(Dataset excerpts)
☆ ☆ ☆ ☆ ☆ ☆ ☆
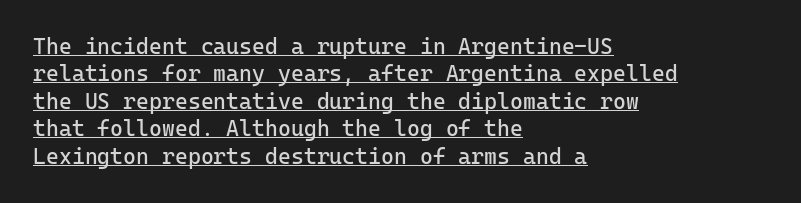
{"italic": "no", "bold": "no", "underline": "yes", "align": "left", "line_spacing": "normal", "line_spacing_ratio": 1.25, "letter_spacing": "normal", "letter_spacing_em": 0.0, "glyph_px": 22}
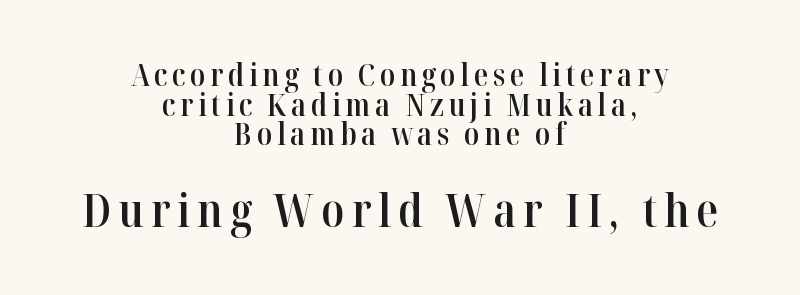
The image shows 45 px semibold serif type, upright; set centered, tight line spacing (0.99x), not underlined; the second (bottom) block is 1.5x larger; high stroke contrast and a medium x-height.
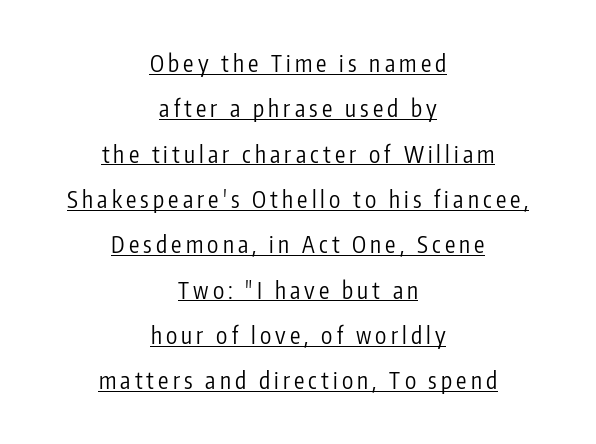
Vertically, the passage feels expansive, rows floating well apart. One-word summary of the alignment: center. Beneath each row of characters lies a ruled line. No heavy texture on the line: the type isn't bold. In terms of posture, this sample is upright.
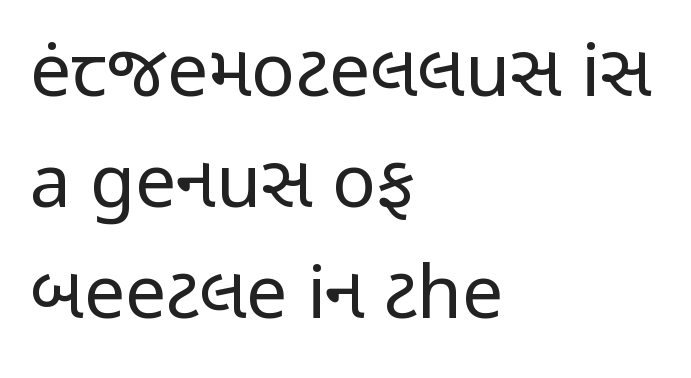
Q: Is the text bold? A: No.
Q: Is the text italic (slanted)? A: No, it is upright.
Q: Is the typeface a serif or a sans-serif typeface? A: Sans-serif.
Q: Is the text underlined? A: No.
Q: How is the paragraph aligned? A: Left-aligned.
Q: Is the spacing between letters normal or unusually wide? A: Normal.
Q: Is the spacing between lines tight, normal or loose? A: Normal.
Q: Width (condensed, normal, or wide)? A: Condensed.
Q: Stroke contrast? A: Low.
Q: x-height? A: Medium.
Q: Monospaced? A: No.
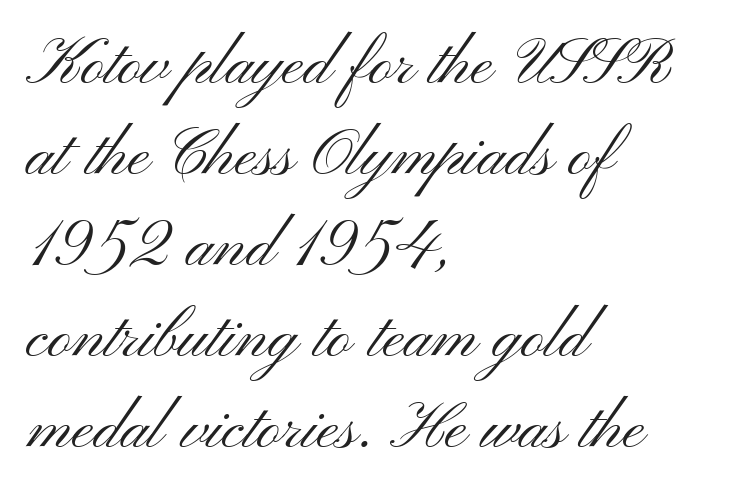
The image shows 65 px light, wide sans-serif type; set left-aligned, normal line spacing (1.4x), normal letter spacing, not underlined; medium stroke contrast and a small x-height.
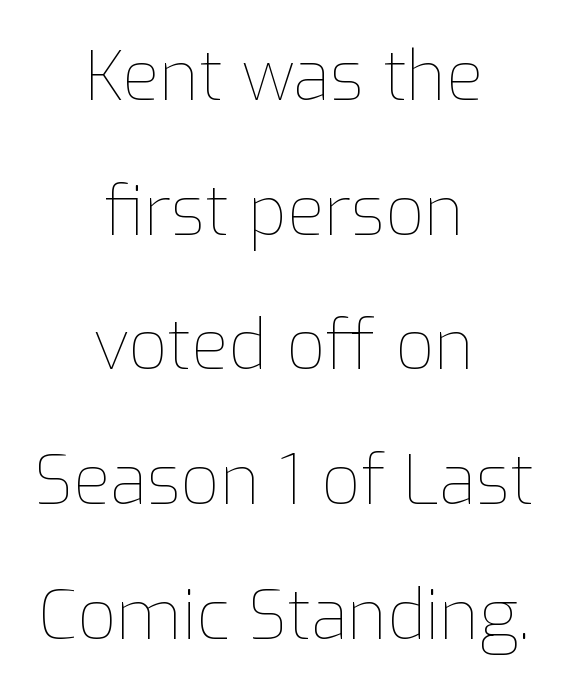
The image shows 68 px thin type, upright; set centered, loose line spacing (1.98x), normal letter spacing, not underlined; low stroke contrast and a medium x-height.
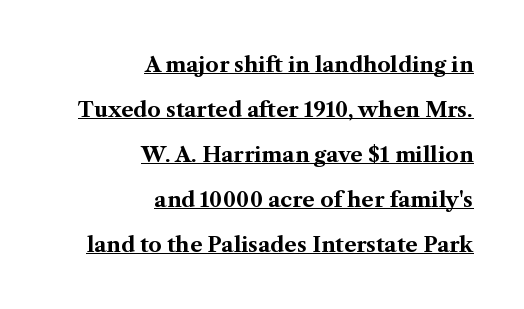
{"italic": "no", "bold": "yes", "underline": "yes", "align": "right", "line_spacing": "loose", "line_spacing_ratio": 2.14, "letter_spacing": "normal", "letter_spacing_em": 0.0, "glyph_px": 21}
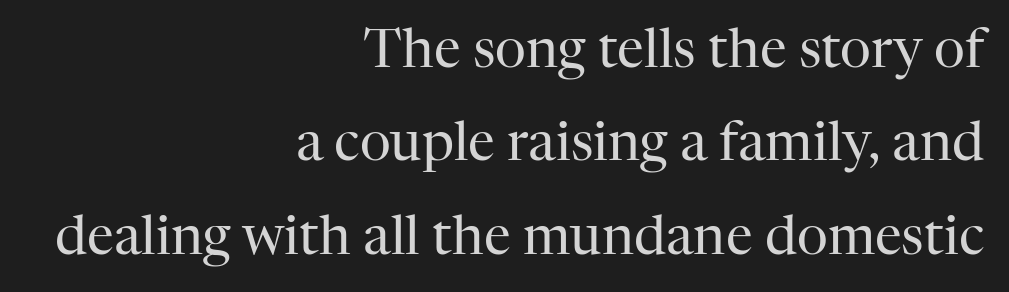
The image shows 54 px regular-weight serif type, upright; set right-aligned, line spacing 1.73x, normal letter spacing, not underlined; high stroke contrast and a medium x-height.
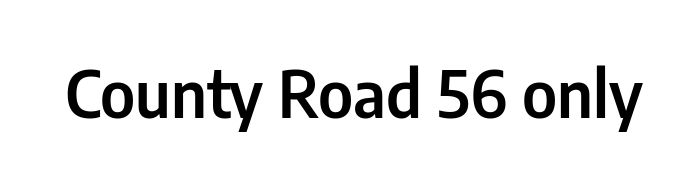
The image shows 65 px condensed sans-serif type, upright; set normal letter spacing, not underlined; low stroke contrast and a medium x-height.
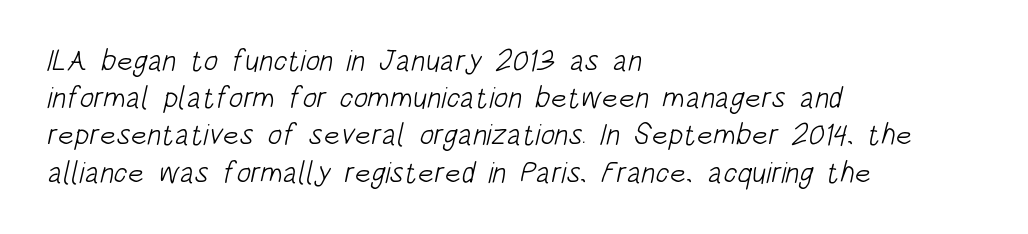
The image shows 30 px light, condensed sans-serif type; set left-aligned, line spacing 1.24x, normal letter spacing, not underlined; low stroke contrast and a large x-height.
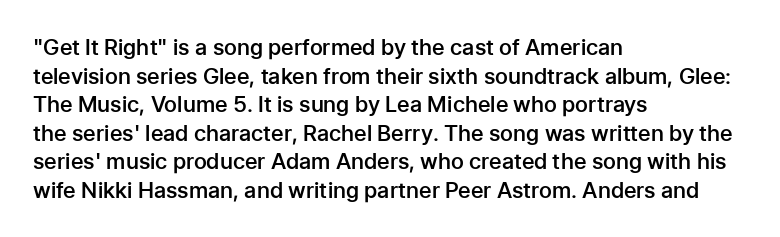
The image shows 22 px text type, upright; set left-aligned, normal line spacing (1.3x), normal letter spacing, not underlined.
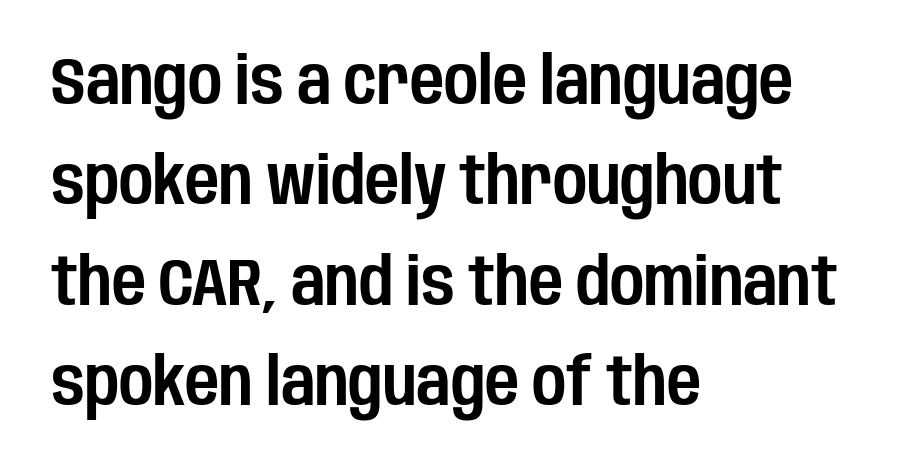
Q: Is the text italic (slanted)? A: No, it is upright.
Q: Is the typeface a serif or a sans-serif typeface? A: Sans-serif.
Q: Is the text underlined? A: No.
Q: How is the paragraph aligned? A: Left-aligned.
Q: Is the spacing between letters normal or unusually wide? A: Normal.
Q: Is the spacing between lines tight, normal or loose? A: Normal.
Q: Width (condensed, normal, or wide)? A: Condensed.
Q: Stroke contrast? A: Low.
Q: x-height? A: Large.
Q: Monospaced? A: No.
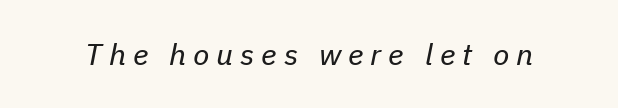
The image shows 30 px regular-weight type, italic (leaning right); set unusually wide letter spacing (+0.23 em), not underlined; low stroke contrast and a medium x-height.
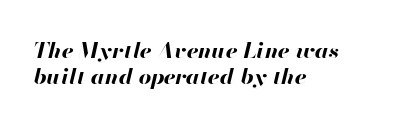
Q: Is the text bold? A: Yes.
Q: Is the text italic (slanted)? A: Yes, it leans right by about 13 degrees.
Q: Is the text underlined? A: No.
Q: How is the paragraph aligned? A: Left-aligned.
Q: Is the spacing between letters normal or unusually wide? A: Normal.
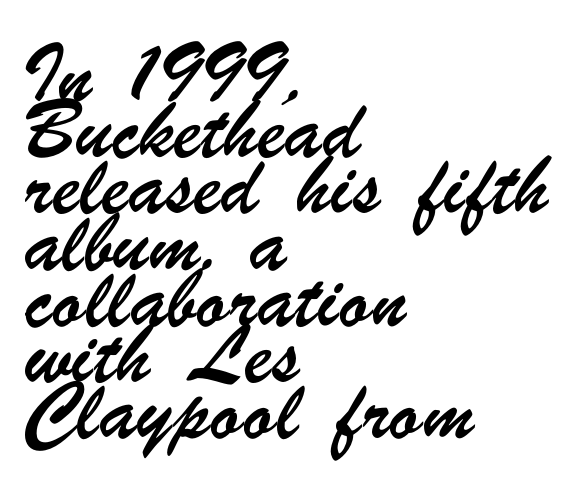
Q: Is the typeface a serif or a sans-serif typeface? A: Sans-serif.
Q: Is the text underlined? A: No.
Q: How is the paragraph aligned? A: Left-aligned.
Q: Is the spacing between letters normal or unusually wide? A: Normal.
Q: Is the spacing between lines tight, normal or loose? A: Normal.
Q: Width (condensed, normal, or wide)? A: Condensed.
Q: Stroke contrast? A: Low.
Q: x-height? A: Small.
Q: Monospaced? A: No.
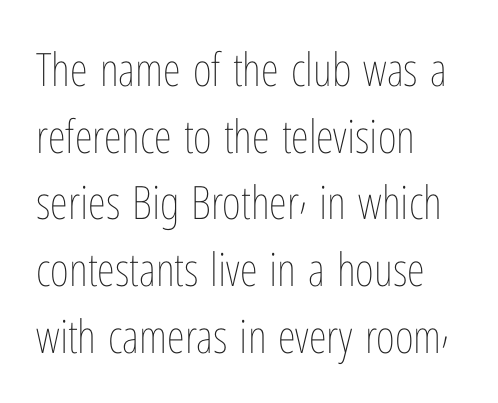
☆ ☆ ☆ ☆ ☆ ☆ ☆
*TASK GOAL*. State how many lines in the entries above include the word "regular"; reply with the number alone.

*RESULT OF THIS EXERCISE*. 2